= Council of Ministers (Portugal) =

Executive body of the Government of Portugal

Portuguese Ministerial Standard.

The Council of Ministers (Conselho de Ministros, /pt/) is a collegial executive body within the Government of Portugal. It is presided over by the Prime Minister, but the President of Portugal can take on this role at the Prime Minister's request. All senior ministers are members of the Council of Ministers, and when the prime minister finds it applicable, state secretaries can also attend its meetings.

== Functions ==

The Council of Ministers discusses and approves bills to be submitted to the Assembly of the Republic and decrees and resolutions.

==Current Council of Ministers==

As of 5 June 2025, the Council of Ministers consisted of the following:

| Party key |  | Social Democratic Party |
|  | CDS – People's Party |
|  | Independent |

| Ministry | Incumbent |  | Term |
|---|---|---|---|
| Prime Minister |  | Luís Montenegro | 5 June 2025 – Incumbent |
| Foreign Affairs |  | Paulo Rangel | 5 June 2025 – Incumbent |
| Finance |  | Joaquim Miranda Sarmento | 5 June 2025 – Incumbent |
| Presidency |  | António Leitão Amaro | 5 June 2025 – Incumbent |
| Economy and Territorial Cohesion |  | Manuel Castro Almeida | 5 June 2025 – Incumbent |
| State Reform |  | Gonçalo Saraiva Matias | 5 June 2025 – Incumbent |
| Parliamentary Affairs |  | Carlos Abreu Amorim | 5 June 2025 – Incumbent |
| National Defence |  | Nuno Melo | 5 June 2025 – Incumbent |
| Infrastructure and Housing |  | Miguel Pinto Luz | 5 June 2025 – Incumbent |
| Justice |  | Rita Júdice | 5 June 2025 – Incumbent |
| Internal Administration |  | Luís Neves | 23 February 2026 – Incumbent |
| Education, Science and Innovation |  | Fernando Alexandre | 5 June 2025 – Incumbent |
| Health |  | Ana Paula Martins | 5 June 2025 – Incumbent |
| Labour, Solidarity, and Social Security |  | Maria do Rosário Palma Ramalho | 5 June 2025 – Incumbent |
| Environment and Energy |  | Graça Carvalho | 2 April 2024 – Incumbent |
| Culture, Youth and Sports |  | Margarida Balseiro Lopes | 5 June 2025 – Incumbent |
| Agriculture and Sea |  | José Manuel Fernandes | 5 June 2025 – Incumbent |

The Secretary of State for the Presidency of the Council of Ministers (Tiago Meneses Moutinho Macierinha) also attends the meetings of the Council of Ministers, but without voting rights.

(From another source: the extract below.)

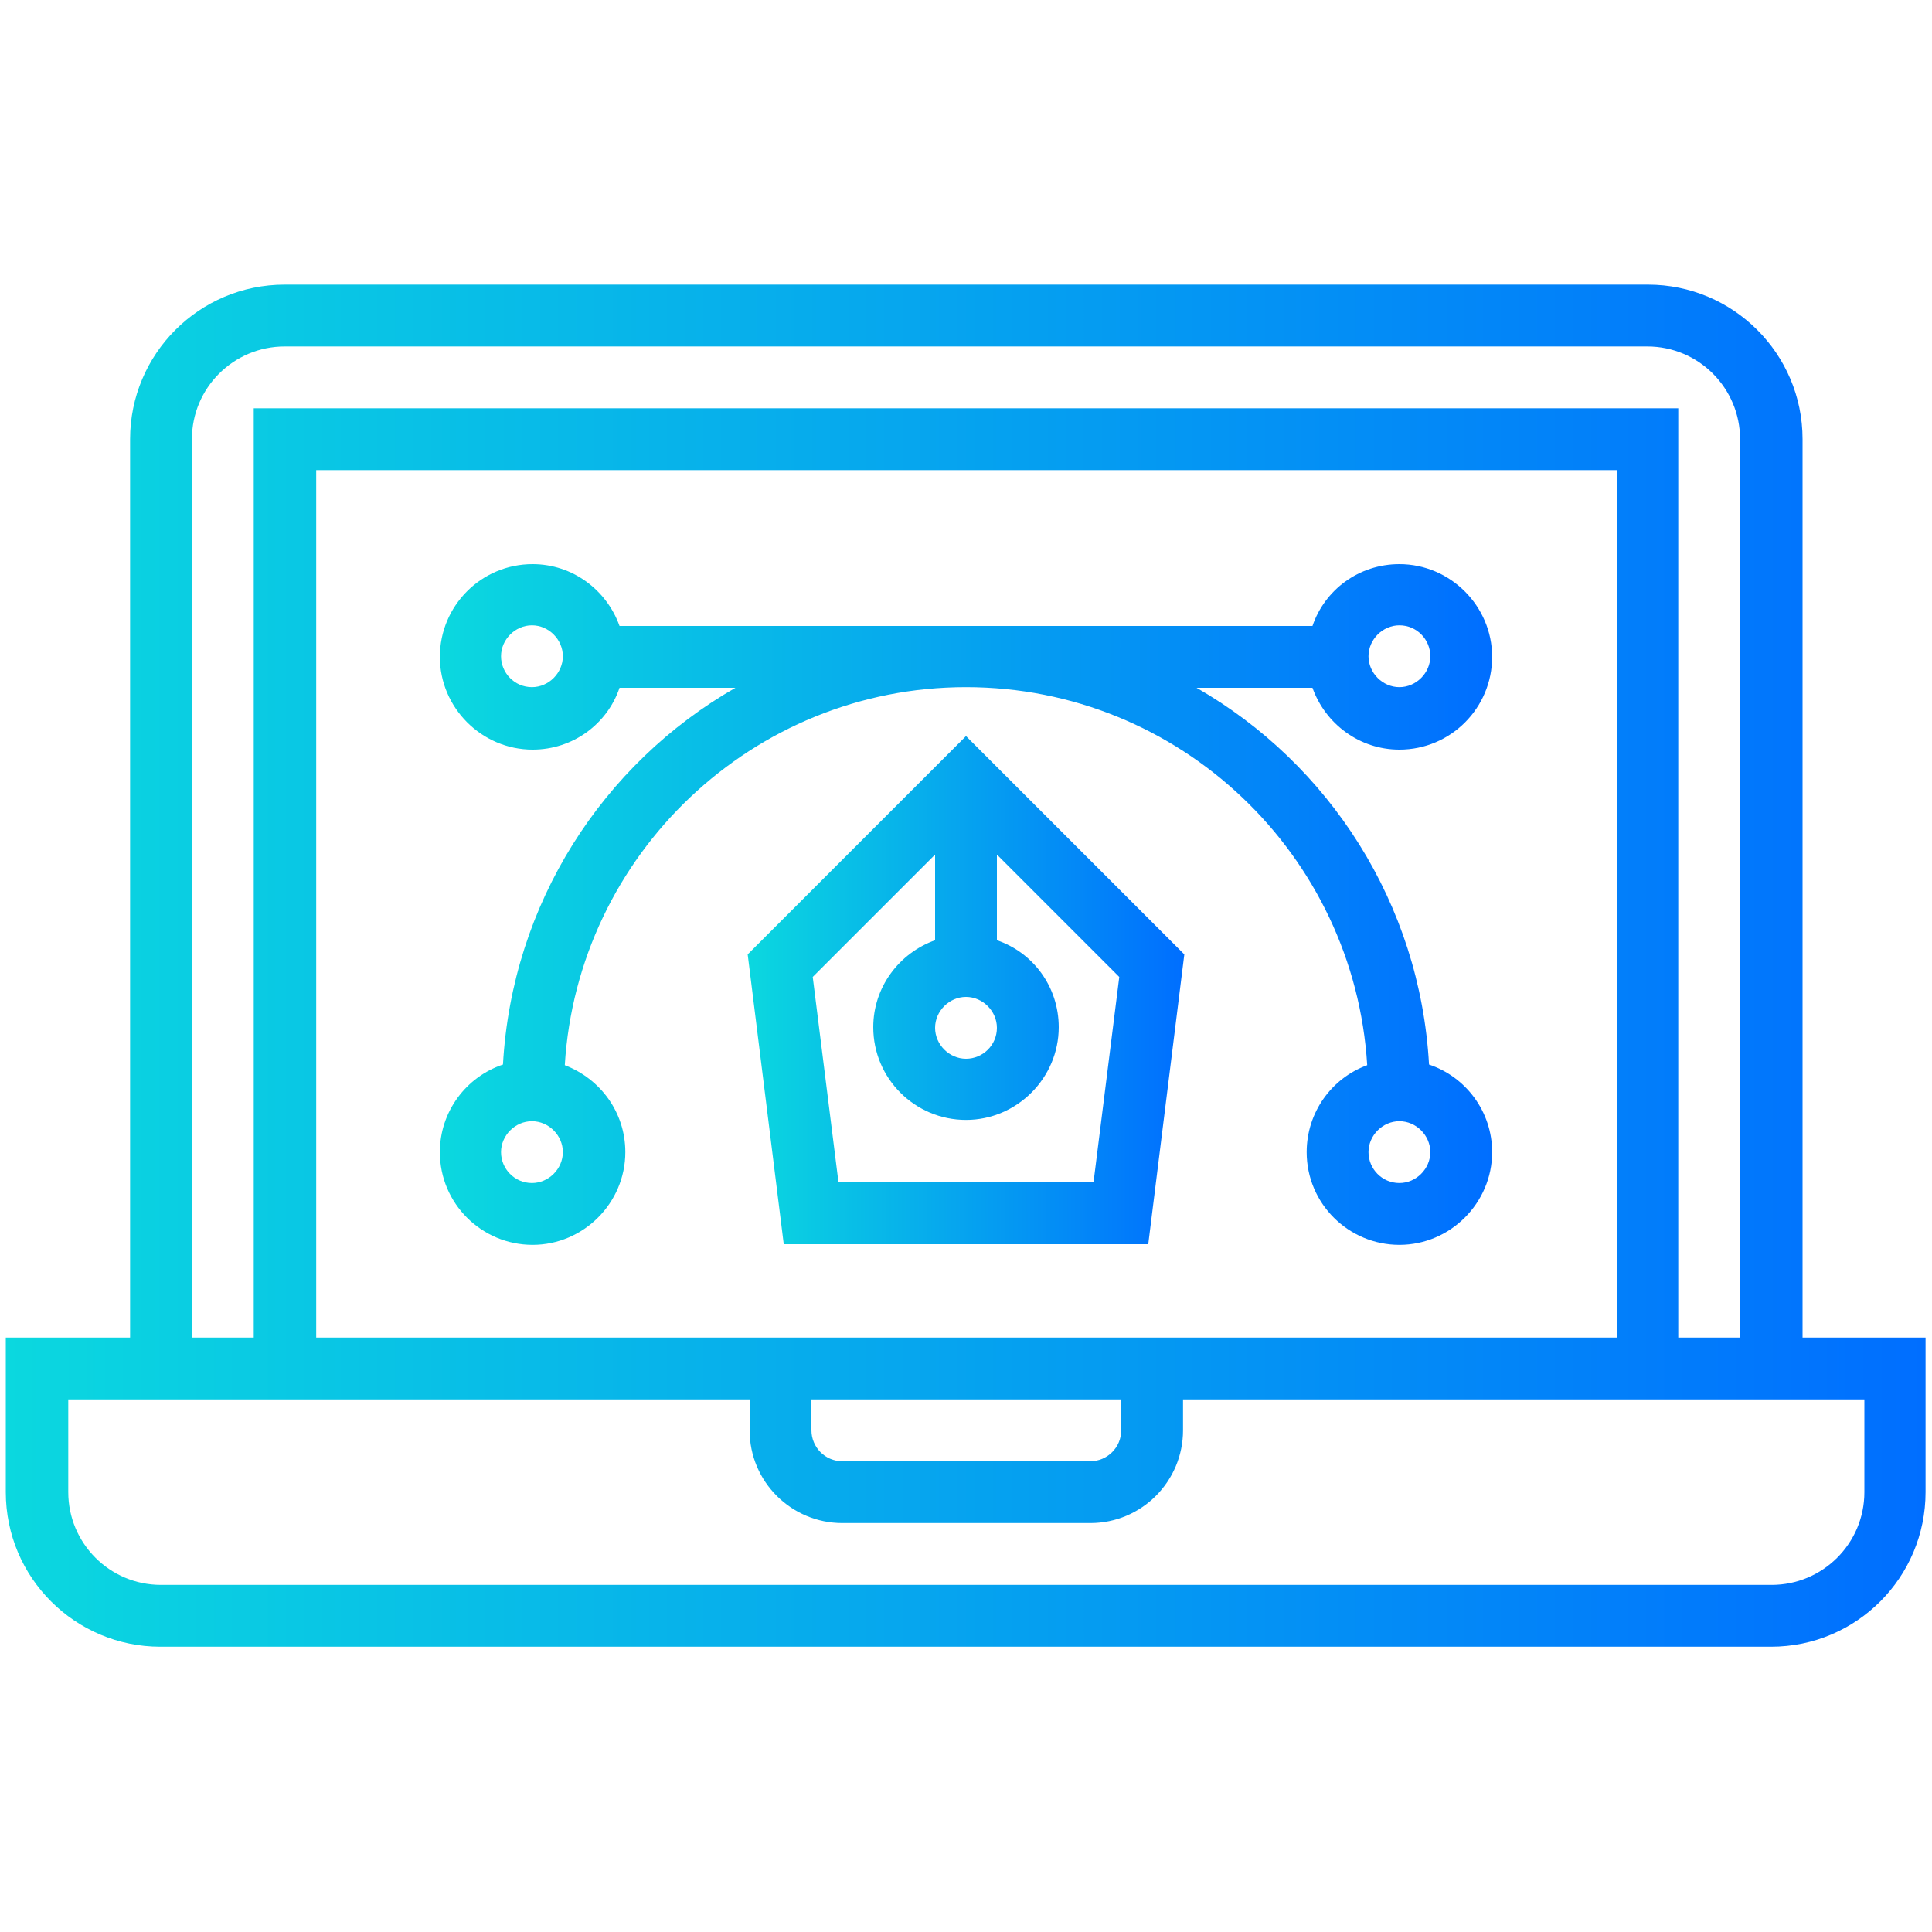 <?xml version="1.0" encoding="UTF-8"?> <svg xmlns="http://www.w3.org/2000/svg" xmlns:xlink="http://www.w3.org/1999/xlink" id="_Слой_1" data-name="Слой 1" viewBox="0 0 30 30"><defs><style> .cls-1 { fill: url(#linear-gradient-2); } .cls-2 { fill: url(#linear-gradient-3); } .cls-3 { fill: url(#linear-gradient); } </style><linearGradient id="linear-gradient" x1=".09" y1="15" x2="29.91" y2="15" gradientUnits="userSpaceOnUse"><stop offset="0" stop-color="#0bd8df"></stop><stop offset="1" stop-color="#006eff"></stop></linearGradient><linearGradient id="linear-gradient-2" x1="6.82" y1="14.04" x2="23.18" y2="14.04" xlink:href="#linear-gradient"></linearGradient><linearGradient id="linear-gradient-3" x1="11.61" y1="15.38" x2="18.39" y2="15.38" xlink:href="#linear-gradient"></linearGradient></defs><path class="cls-3" d="m27.99,20.77V6.82c0-1.33-1.08-2.4-2.4-2.4H4.42c-1.33,0-2.4,1.08-2.4,2.4v13.95H.09v2.4c0,1.33,1.08,2.4,2.4,2.4h25.01c1.33,0,2.4-1.08,2.4-2.4v-2.4h-1.92ZM2.98,6.82c0-.8.65-1.44,1.44-1.44h21.16c.8,0,1.44.65,1.44,1.44v13.95h-.96V6.34H3.94v14.43h-.96V6.82Zm9.62,14.91h4.81v.48c0,.27-.22.48-.48.48h-3.85c-.27,0-.48-.22-.48-.48v-.48Zm-.96-.96h-6.73V7.3h20.2v13.47h-13.47Zm17.31,2.4c0,.8-.65,1.44-1.44,1.44H2.5c-.8,0-1.44-.65-1.44-1.44v-1.44h10.58v.48c0,.8.65,1.44,1.44,1.44h3.85c.8,0,1.44-.65,1.44-1.44v-.48h10.58v1.44Z"></path><path class="cls-1" d="m15,10.67c3.32,0,6.03,2.6,6.23,5.87-.55.2-.94.73-.94,1.35,0,.8.65,1.44,1.44,1.44s1.44-.65,1.44-1.44c0-.63-.41-1.17-.98-1.36-.14-2.5-1.55-4.67-3.61-5.85h1.8c.2.56.73.96,1.35.96.8,0,1.44-.65,1.44-1.44s-.65-1.44-1.44-1.44c-.63,0-1.16.4-1.35.96h-10.76c-.2-.56-.73-.96-1.35-.96-.8,0-1.44.65-1.44,1.44s.65,1.44,1.44,1.44c.63,0,1.16-.4,1.35-.96h1.8c-2.06,1.18-3.47,3.35-3.61,5.85-.57.19-.98.73-.98,1.36,0,.8.65,1.44,1.44,1.44s1.44-.65,1.44-1.44c0-.62-.39-1.14-.94-1.35.2-3.27,2.92-5.87,6.23-5.87Zm6.73,7.7c-.27,0-.48-.22-.48-.48s.22-.48.48-.48.48.22.48.48-.22.48-.48.48Zm0-8.66c.27,0,.48.22.48.48s-.22.48-.48.48-.48-.22-.48-.48.22-.48.48-.48Zm-13.47.96c-.27,0-.48-.22-.48-.48s.22-.48.48-.48.48.22.48.48-.22.48-.48.48Zm0,7.7c-.27,0-.48-.22-.48-.48s.22-.48.48-.48.48.22.48.48-.22.48-.48.48Z"></path><path class="cls-2" d="m15,11.43l-3.39,3.39.56,4.5h5.66l.56-4.5-3.39-3.39Zm.48,4.53c0,.27-.22.48-.48.48s-.48-.22-.48-.48.22-.48.48-.48.48.22.48.48Zm1.5,2.4h-3.96l-.4-3.19,1.9-1.9v1.33c-.56.2-.96.73-.96,1.35,0,.8.65,1.44,1.44,1.44s1.44-.65,1.44-1.44c0-.63-.4-1.16-.96-1.35v-1.33l1.9,1.9-.4,3.19Z"></path></svg>

== Presidency of the Council of Ministers ==

The Presidency of the Council of Ministers is the central department of the Government of Portugal whose mission is to provide support to the Council of Ministers, the Prime Minister and the other members of the Government organically integrated there and promote inter-ministerial coordination of the various government departments.

In accordance with the Organic Law of the XXV Constitutional Government, the Presidency of the Council of Ministers comprises the following members of the Government:

- Minister of the Presidency
  - Secretary of State Adjunct for the Presidency and Immigration
  - Secretary of State for the Presidency of the Council of Ministers
  - Secretary of State for the Presidency
- Minister Adjunct and for State Reform
  - Secretary of State for Digitalization
  - Secretary of State for Government Simplification
- Minister of Parliamentary Affairs
- Minister of Infrastructure and Housing
  - Secretary of State for Infrastructure
  - Secretary of State for Mobility
  - Secretary of State for Housing

The Presidency of the Council of Ministers also provides support to the dependent services of the Prime Minister, as well as those of the Minister of the Presidency, Minister Adjunct and for State Reform, Minister of Parliamentary Affairs, Minister of Infrastructure and Housing, and the Minister of Culture, Youth and Sports.